--- EXERCISE DATA ---

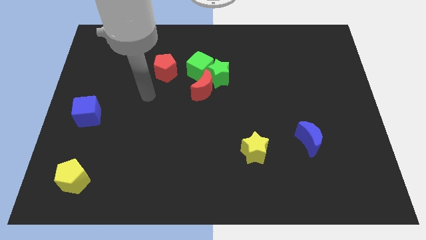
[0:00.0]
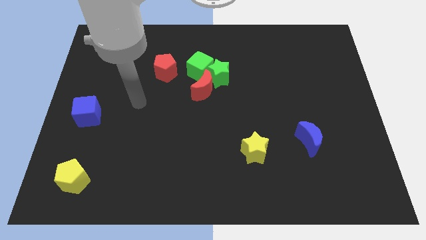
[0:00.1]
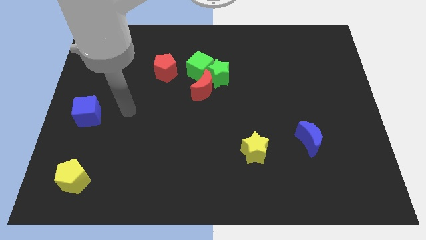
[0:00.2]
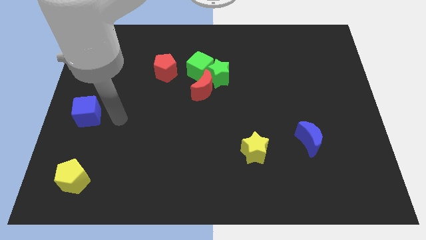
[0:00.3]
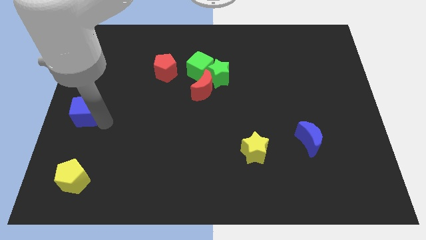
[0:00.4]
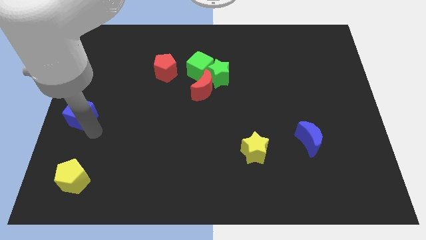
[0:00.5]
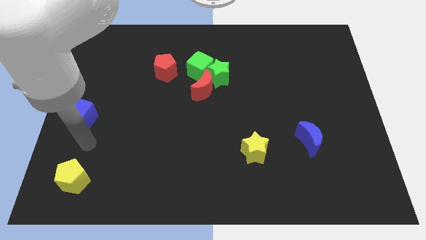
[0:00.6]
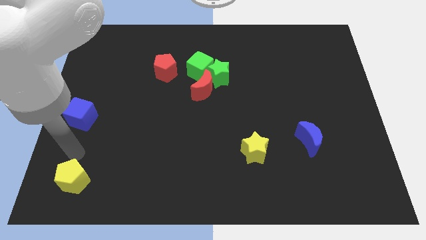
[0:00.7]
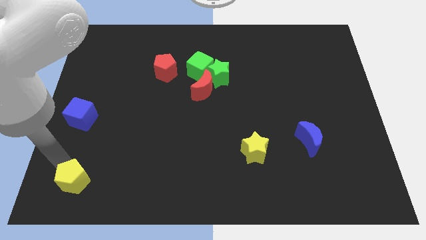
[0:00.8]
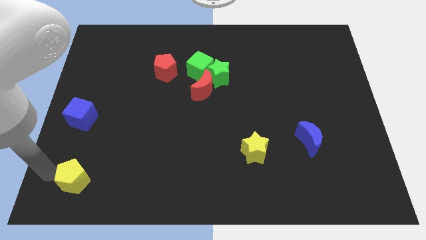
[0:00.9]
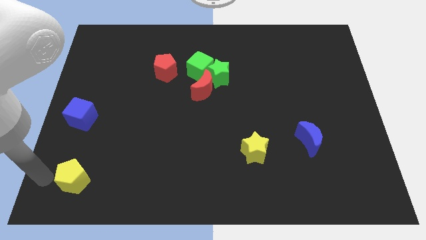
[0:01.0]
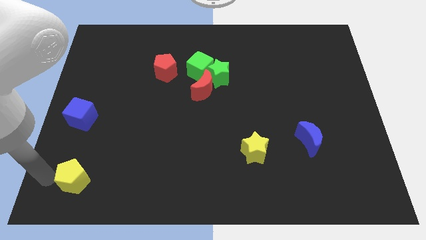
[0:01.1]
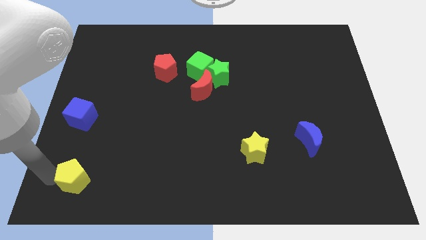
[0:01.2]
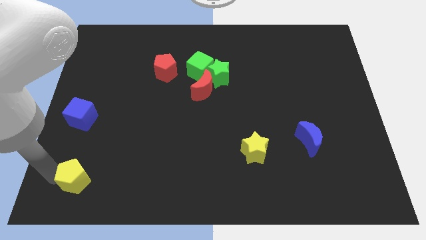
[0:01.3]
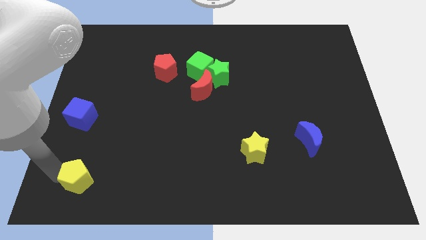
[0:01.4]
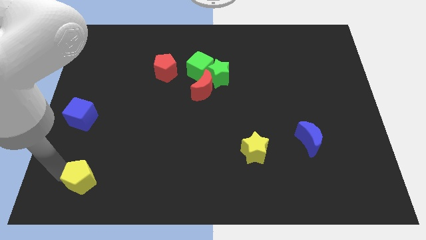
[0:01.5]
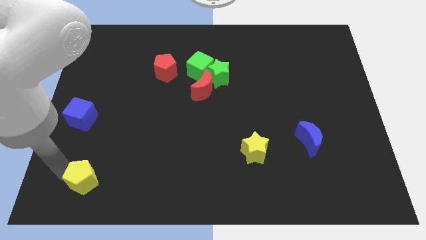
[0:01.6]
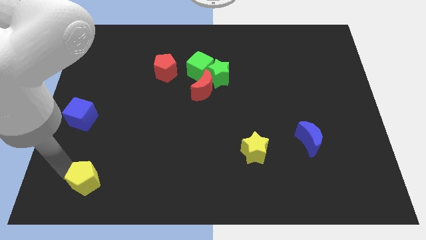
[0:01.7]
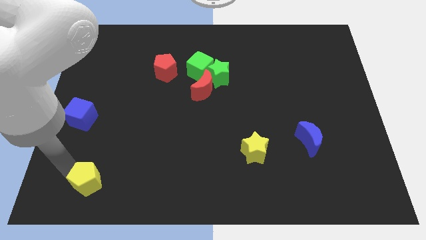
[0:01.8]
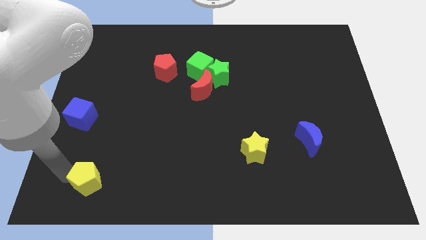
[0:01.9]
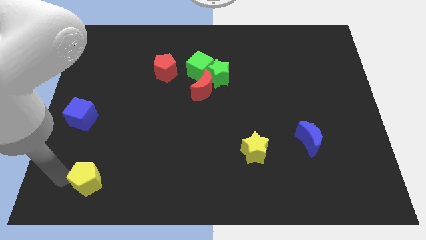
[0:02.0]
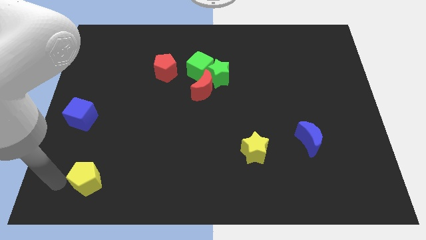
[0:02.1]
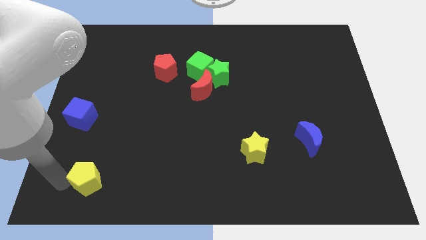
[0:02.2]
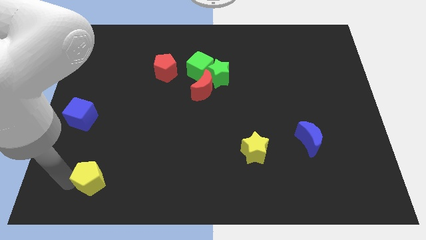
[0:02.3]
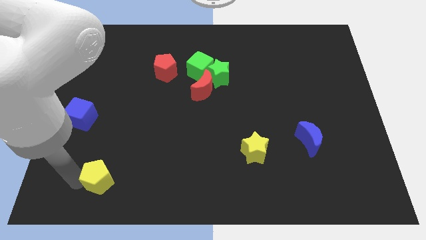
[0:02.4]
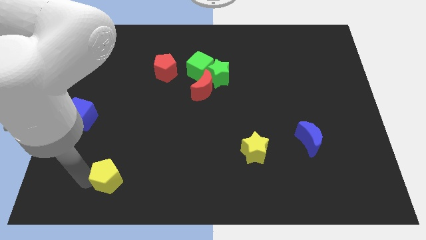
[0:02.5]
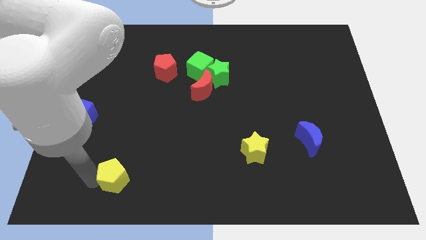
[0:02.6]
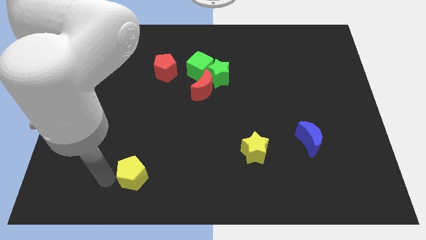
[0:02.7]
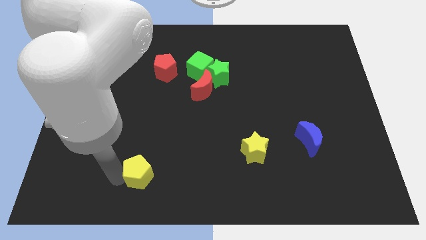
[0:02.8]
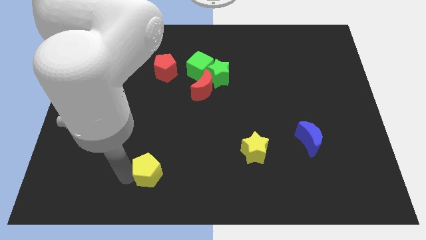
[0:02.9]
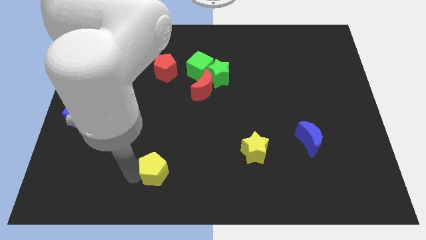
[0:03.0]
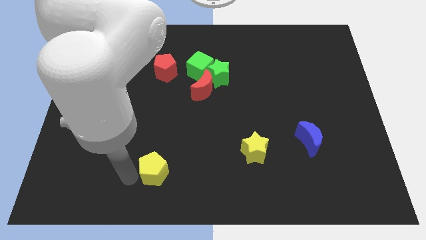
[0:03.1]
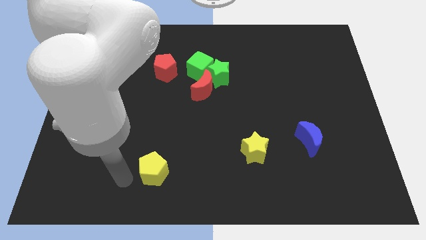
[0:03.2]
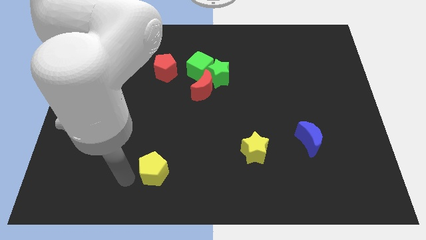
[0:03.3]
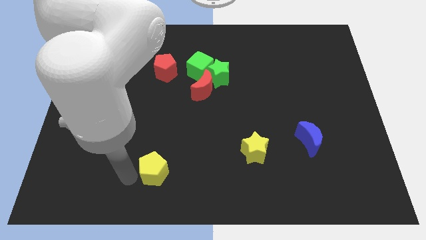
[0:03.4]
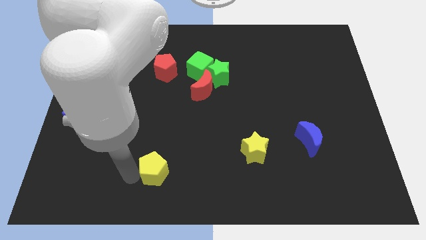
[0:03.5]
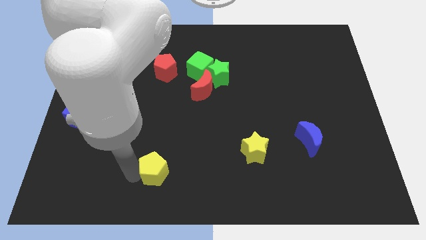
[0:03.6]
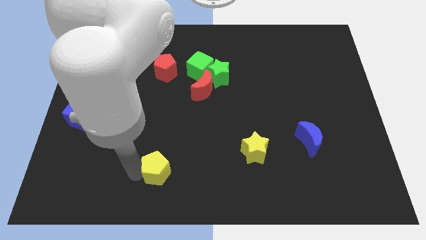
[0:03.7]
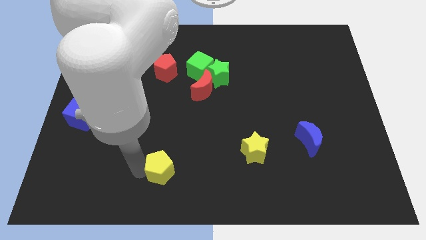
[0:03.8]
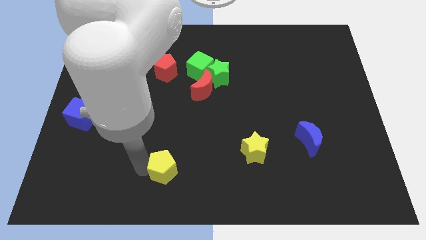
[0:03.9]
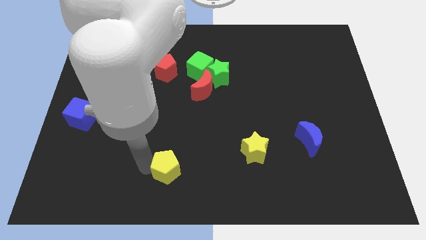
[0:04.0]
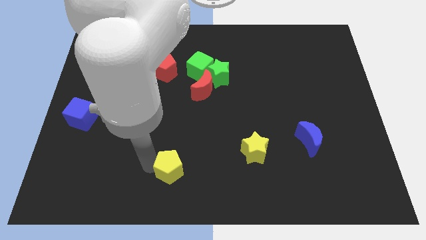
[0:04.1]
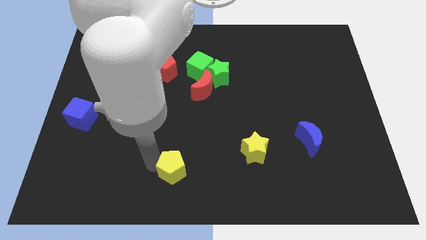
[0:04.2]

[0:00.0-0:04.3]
push the yellow pentagon to the right

---

#### INSTRUCTIONS TO FOLLOW
Copy out the listing exactly as it stands, but not the pictures.

#### RESULT OF THIS TASK
[0:00.0]
[0:00.1]
[0:00.2]
[0:00.3]
[0:00.4]
[0:00.5]
[0:00.6]
[0:00.7]
[0:00.8]
[0:00.9]
[0:01.0]
[0:01.1]
[0:01.2]
[0:01.3]
[0:01.4]
[0:01.5]
[0:01.6]
[0:01.7]
[0:01.8]
[0:01.9]
[0:02.0]
[0:02.1]
[0:02.2]
[0:02.3]
[0:02.4]
[0:02.5]
[0:02.6]
[0:02.7]
[0:02.8]
[0:02.9]
[0:03.0]
[0:03.1]
[0:03.2]
[0:03.3]
[0:03.4]
[0:03.5]
[0:03.6]
[0:03.7]
[0:03.8]
[0:03.9]
[0:04.0]
[0:04.1]
[0:04.2]

[0:00.0-0:04.3]
push the yellow pentagon to the right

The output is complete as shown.